He and his colleagues at the Massachusetts Institute of Technology (MIT), Rutgers, and Regeneron Pharmaceuticals made it a multimillion-dollar, five-year project. They first selected the noncoding RNA loci, and Regeneron produced knockout mice. Rinn praises the company scientists as “risk-takers,” as this work does not offer sure-fire returns on investment.
The effort focused on intergenic lncRNAs. The researchers applied a filtering algorithm to whittle down their list of lncRNA candidates. They excluded transcripts with identifiable domains indicative of certain protein families as well as those overlapping with known protein-coding genes, microRNAs, transfer RNAs and pseudogenes. They put in place assays as well as RNA-seq and computational pipelines and picked 18 loci of intergenic lncRNAs.
When the team made gene knockout mice for these 18 lncRNA loci, they found that three mutant strains did not survive, others had growth defects and suffered from issues with internal organs notably heart, lung and gastrointestinal tract, and still others had brain defects. Rinn and his colleagues believe the results show that these intergenic lncRNAs play “critical roles” in these animals' physiology. Rinn says he hopes this work will encourage other scientists to do more experiments of this type. “We now know that this work is relevant, it's not perfect, we have more work to do,” he says.
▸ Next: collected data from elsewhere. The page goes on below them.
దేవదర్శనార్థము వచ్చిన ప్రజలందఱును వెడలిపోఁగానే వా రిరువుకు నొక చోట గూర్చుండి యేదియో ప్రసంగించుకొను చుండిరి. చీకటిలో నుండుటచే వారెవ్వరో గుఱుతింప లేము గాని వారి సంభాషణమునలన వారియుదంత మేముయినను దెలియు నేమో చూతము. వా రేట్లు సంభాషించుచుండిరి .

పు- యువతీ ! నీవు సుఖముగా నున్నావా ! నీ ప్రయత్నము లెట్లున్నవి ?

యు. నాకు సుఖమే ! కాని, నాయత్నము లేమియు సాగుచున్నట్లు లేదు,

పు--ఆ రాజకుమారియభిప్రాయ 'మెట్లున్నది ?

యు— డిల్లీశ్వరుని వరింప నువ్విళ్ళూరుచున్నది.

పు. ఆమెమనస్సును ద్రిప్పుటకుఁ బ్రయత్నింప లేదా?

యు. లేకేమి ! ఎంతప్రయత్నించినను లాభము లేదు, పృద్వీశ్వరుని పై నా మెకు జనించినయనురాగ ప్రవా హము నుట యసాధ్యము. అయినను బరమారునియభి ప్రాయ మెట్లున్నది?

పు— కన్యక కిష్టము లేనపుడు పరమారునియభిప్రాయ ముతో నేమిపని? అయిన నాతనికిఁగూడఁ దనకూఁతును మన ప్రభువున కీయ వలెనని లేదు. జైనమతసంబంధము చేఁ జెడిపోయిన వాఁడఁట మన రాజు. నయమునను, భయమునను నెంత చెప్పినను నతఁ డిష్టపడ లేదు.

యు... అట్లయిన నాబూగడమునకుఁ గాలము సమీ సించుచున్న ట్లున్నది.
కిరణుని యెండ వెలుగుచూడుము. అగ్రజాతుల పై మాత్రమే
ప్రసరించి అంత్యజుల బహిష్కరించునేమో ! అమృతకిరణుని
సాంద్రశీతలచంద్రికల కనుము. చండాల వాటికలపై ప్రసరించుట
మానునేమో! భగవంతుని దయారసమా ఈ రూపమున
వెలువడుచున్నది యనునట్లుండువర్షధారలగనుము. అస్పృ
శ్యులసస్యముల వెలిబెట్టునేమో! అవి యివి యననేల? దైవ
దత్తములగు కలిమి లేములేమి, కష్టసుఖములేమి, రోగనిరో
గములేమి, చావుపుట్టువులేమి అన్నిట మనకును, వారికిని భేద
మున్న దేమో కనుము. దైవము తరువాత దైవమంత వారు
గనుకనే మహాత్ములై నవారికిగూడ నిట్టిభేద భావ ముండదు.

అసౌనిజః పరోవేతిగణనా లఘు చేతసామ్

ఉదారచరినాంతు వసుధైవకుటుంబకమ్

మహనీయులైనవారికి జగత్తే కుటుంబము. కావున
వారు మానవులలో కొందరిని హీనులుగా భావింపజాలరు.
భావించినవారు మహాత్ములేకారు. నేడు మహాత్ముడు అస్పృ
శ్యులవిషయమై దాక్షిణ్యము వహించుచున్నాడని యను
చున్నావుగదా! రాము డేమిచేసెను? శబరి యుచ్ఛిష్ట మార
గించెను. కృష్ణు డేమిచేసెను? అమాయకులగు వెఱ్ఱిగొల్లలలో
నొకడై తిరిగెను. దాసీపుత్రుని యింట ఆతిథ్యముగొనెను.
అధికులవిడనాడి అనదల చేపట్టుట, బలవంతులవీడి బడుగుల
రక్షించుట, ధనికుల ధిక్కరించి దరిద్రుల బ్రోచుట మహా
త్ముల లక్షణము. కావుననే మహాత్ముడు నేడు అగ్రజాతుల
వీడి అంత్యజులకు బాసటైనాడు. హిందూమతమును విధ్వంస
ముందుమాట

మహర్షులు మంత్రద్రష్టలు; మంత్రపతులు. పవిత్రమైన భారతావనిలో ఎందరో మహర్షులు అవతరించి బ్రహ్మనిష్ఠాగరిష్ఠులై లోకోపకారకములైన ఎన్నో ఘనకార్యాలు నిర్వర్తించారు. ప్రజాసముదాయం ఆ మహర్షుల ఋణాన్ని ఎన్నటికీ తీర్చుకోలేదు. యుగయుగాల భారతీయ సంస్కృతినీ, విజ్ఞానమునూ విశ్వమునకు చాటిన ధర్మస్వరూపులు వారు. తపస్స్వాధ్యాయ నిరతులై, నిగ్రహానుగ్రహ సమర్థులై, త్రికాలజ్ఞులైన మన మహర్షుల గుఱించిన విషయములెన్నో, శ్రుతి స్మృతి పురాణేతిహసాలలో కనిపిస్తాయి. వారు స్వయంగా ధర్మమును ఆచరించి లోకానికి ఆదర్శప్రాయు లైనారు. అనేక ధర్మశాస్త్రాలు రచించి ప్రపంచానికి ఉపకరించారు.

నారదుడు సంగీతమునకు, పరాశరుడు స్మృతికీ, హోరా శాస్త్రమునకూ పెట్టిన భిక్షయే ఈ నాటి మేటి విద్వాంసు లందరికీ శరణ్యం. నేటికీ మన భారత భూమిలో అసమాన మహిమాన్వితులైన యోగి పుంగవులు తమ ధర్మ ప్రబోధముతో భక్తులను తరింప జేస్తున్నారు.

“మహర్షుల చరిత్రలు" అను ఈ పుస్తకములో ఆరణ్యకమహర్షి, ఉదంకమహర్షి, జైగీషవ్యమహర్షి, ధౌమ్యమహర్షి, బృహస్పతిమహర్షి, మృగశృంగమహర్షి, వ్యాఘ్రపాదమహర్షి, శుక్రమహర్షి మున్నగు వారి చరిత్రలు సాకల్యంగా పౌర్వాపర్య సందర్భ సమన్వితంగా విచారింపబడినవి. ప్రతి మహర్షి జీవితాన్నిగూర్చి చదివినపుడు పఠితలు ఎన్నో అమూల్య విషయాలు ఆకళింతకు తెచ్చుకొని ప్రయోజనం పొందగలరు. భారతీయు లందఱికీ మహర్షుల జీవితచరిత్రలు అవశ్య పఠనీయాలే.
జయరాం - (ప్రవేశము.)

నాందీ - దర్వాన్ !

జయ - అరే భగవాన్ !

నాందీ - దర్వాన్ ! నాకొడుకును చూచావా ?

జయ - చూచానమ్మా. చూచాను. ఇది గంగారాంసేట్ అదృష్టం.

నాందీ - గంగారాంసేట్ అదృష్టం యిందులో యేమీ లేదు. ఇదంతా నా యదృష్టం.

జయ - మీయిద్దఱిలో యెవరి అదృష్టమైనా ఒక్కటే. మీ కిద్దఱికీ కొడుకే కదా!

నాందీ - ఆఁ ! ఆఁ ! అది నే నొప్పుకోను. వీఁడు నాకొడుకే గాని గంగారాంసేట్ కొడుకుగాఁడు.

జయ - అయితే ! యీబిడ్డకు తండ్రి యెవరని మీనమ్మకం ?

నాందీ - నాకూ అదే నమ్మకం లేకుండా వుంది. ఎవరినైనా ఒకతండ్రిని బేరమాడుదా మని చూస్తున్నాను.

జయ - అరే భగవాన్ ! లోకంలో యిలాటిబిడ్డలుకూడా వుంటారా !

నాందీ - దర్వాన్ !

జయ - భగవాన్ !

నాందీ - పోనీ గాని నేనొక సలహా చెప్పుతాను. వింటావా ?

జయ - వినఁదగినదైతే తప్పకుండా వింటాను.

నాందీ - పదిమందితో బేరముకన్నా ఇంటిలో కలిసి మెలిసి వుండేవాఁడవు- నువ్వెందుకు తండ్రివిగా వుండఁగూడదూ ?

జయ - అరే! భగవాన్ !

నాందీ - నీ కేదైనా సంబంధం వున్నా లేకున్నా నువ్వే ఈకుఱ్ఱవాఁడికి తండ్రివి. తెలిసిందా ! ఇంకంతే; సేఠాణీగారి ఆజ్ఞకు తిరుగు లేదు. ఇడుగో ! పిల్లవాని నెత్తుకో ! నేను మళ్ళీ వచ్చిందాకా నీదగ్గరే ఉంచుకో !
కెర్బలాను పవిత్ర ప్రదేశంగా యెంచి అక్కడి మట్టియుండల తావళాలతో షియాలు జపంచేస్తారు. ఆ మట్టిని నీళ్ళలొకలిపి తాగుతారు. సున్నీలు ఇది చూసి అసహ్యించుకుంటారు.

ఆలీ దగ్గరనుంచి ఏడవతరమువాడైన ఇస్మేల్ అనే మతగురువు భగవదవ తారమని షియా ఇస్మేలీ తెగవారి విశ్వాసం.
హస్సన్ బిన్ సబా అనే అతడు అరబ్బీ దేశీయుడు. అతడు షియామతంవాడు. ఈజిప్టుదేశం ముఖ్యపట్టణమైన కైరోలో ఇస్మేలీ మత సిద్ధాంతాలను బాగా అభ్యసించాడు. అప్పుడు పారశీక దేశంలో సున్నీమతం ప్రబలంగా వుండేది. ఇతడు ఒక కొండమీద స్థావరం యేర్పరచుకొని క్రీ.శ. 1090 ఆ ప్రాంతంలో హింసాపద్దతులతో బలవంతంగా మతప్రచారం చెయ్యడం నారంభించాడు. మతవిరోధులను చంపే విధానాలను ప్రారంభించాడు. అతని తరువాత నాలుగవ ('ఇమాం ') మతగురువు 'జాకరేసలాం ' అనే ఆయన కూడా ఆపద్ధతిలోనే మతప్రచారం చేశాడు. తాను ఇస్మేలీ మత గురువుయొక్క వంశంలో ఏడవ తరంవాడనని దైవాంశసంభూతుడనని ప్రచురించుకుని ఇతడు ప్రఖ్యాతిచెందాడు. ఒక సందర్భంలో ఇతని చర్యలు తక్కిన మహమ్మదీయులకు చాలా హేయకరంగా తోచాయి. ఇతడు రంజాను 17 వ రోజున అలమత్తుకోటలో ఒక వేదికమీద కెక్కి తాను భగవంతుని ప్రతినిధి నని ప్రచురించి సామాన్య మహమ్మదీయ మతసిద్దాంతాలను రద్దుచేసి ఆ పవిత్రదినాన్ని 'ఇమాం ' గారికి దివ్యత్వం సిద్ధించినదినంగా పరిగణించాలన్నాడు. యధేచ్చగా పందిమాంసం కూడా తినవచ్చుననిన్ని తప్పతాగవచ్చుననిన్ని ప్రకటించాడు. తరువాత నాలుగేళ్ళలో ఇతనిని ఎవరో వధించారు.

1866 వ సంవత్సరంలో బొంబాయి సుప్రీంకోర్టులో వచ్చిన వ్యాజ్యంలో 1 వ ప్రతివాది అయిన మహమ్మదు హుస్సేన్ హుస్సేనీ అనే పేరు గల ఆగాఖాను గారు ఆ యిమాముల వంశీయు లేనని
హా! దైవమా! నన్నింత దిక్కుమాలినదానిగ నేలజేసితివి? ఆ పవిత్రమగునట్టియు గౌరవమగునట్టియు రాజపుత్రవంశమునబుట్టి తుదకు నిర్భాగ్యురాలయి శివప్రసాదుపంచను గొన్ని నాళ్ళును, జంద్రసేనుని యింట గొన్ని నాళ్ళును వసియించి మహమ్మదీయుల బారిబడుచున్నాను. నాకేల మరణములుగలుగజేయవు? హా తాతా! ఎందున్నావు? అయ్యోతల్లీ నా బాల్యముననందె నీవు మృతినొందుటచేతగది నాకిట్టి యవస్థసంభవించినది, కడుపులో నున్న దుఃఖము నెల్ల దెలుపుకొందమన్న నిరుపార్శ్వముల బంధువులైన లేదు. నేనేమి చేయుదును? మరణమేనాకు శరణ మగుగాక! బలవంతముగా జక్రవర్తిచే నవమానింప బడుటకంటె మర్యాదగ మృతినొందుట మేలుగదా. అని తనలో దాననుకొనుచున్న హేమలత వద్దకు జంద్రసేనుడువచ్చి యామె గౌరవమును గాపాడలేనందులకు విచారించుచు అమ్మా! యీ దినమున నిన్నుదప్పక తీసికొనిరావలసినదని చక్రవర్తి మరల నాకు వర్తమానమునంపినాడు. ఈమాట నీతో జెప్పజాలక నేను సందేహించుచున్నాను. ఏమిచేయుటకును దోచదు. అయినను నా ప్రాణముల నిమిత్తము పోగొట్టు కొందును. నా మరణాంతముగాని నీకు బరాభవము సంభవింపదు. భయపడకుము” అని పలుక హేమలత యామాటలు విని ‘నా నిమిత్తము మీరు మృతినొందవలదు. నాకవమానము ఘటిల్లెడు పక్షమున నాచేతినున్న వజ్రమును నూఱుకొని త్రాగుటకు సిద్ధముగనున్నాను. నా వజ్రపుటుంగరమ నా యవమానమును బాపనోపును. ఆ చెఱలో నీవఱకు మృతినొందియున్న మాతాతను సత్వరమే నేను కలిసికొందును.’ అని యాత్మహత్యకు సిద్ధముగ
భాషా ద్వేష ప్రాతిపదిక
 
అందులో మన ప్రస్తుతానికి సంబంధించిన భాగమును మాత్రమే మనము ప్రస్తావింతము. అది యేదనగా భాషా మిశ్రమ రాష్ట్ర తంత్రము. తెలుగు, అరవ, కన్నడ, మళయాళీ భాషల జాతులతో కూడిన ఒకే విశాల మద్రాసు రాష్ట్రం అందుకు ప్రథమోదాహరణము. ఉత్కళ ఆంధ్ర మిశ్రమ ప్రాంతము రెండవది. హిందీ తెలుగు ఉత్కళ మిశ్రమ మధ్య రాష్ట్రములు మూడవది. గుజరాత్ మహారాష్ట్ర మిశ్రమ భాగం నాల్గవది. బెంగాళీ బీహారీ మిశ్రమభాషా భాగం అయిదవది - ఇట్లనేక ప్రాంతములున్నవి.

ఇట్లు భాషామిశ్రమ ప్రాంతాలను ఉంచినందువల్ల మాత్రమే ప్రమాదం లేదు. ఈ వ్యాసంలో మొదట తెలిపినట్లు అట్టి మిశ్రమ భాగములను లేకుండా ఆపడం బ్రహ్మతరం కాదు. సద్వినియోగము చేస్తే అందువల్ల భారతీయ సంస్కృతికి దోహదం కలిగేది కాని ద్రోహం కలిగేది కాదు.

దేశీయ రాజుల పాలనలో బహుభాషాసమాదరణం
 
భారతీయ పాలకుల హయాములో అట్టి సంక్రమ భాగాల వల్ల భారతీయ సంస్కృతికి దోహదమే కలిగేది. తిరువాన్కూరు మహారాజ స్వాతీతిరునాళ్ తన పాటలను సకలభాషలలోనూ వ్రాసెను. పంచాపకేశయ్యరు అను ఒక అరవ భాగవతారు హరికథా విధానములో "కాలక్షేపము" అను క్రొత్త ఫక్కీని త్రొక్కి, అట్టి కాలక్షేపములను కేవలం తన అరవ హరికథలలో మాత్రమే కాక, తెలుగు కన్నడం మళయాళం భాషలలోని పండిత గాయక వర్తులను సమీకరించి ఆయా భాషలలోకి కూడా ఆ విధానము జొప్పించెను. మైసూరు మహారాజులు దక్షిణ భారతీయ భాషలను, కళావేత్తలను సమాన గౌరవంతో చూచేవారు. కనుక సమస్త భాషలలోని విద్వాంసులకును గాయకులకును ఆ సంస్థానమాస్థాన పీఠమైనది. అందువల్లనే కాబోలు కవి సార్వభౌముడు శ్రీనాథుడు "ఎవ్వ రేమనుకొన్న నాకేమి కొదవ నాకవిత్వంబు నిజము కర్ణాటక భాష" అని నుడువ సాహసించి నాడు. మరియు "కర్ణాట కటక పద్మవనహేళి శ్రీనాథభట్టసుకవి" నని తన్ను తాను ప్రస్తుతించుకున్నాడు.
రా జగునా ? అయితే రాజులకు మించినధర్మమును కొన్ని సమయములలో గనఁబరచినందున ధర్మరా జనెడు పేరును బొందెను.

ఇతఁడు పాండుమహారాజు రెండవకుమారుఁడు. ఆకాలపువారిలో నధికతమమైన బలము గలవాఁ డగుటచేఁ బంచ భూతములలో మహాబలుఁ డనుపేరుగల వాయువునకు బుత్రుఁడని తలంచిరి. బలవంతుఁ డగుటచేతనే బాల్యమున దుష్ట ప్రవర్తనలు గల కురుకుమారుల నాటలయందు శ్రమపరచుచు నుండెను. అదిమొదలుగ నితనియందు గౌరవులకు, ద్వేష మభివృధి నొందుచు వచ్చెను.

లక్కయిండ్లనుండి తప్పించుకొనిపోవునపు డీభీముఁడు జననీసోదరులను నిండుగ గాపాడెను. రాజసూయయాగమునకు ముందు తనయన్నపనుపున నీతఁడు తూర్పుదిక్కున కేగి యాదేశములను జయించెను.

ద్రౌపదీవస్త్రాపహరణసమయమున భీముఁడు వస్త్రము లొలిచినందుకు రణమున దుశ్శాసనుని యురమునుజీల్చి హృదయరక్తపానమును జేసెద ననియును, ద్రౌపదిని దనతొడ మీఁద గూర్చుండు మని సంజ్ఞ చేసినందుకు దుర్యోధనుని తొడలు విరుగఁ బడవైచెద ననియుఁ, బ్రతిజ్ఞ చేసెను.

One necessary task is to proceed as with protein-coding genes and look for sequence motifs and other facets to group noncoding RNAs into families. Another step, with an eye to applications, is about finding the intergenic lncRNAs most relevant to human disease. This search could include efforts to explore this “new chemical space,” he says, which might lead to therapies targeting noncoding RNAs.
Rinn says scientists have been working on noncoding RNAs with hesitation. In snowboarding, he says, hesitating before a jump is bad news; instead, “you have to let go.” Drawing a parallel to the noncoding RNA field, he hopes his mouse knockout experiment will remove hesitation, “allowing people to start doing cooler tricks off of jumps.”
Rinn's mouse knockout experiment is “exactly what needs to be done,” says computational biologist Sean Eddy at the Howard Hughes Medical Institute, Janelia Farm Research Campus. These types of experiments are challenging because functional loci do not necessarily show an obvious phenotype in a first-pass screen.
Also, a phenotype may result from a deletion that affects the organism in surprising ways. After all, he says “conserved regions are conserved because they're doing something, even if it's not making the lncRNA you think you're studying,” he says. With Rinn's experimental approach, “he's got a handle on a phenotype, and he can go about showing in future work that the lncRNA is responsible for a function that, when disrupted, leads to that phenotype.”
Eddy cautions scientists to not overinterpret or extrapolate from Rinn's subset of loci to the functionality of all lncRNA. There are thousands, possibly millions of lncRNAs, and claiming function for all with data from only some is problematic. For that kind of extrapolation, scientists would need to define loci and take a random subsample to uncover the proportion of “all lncRNAs” that have knockout phenotypes. All of which is a “crazy” experiment, he says, and a waste of time and money.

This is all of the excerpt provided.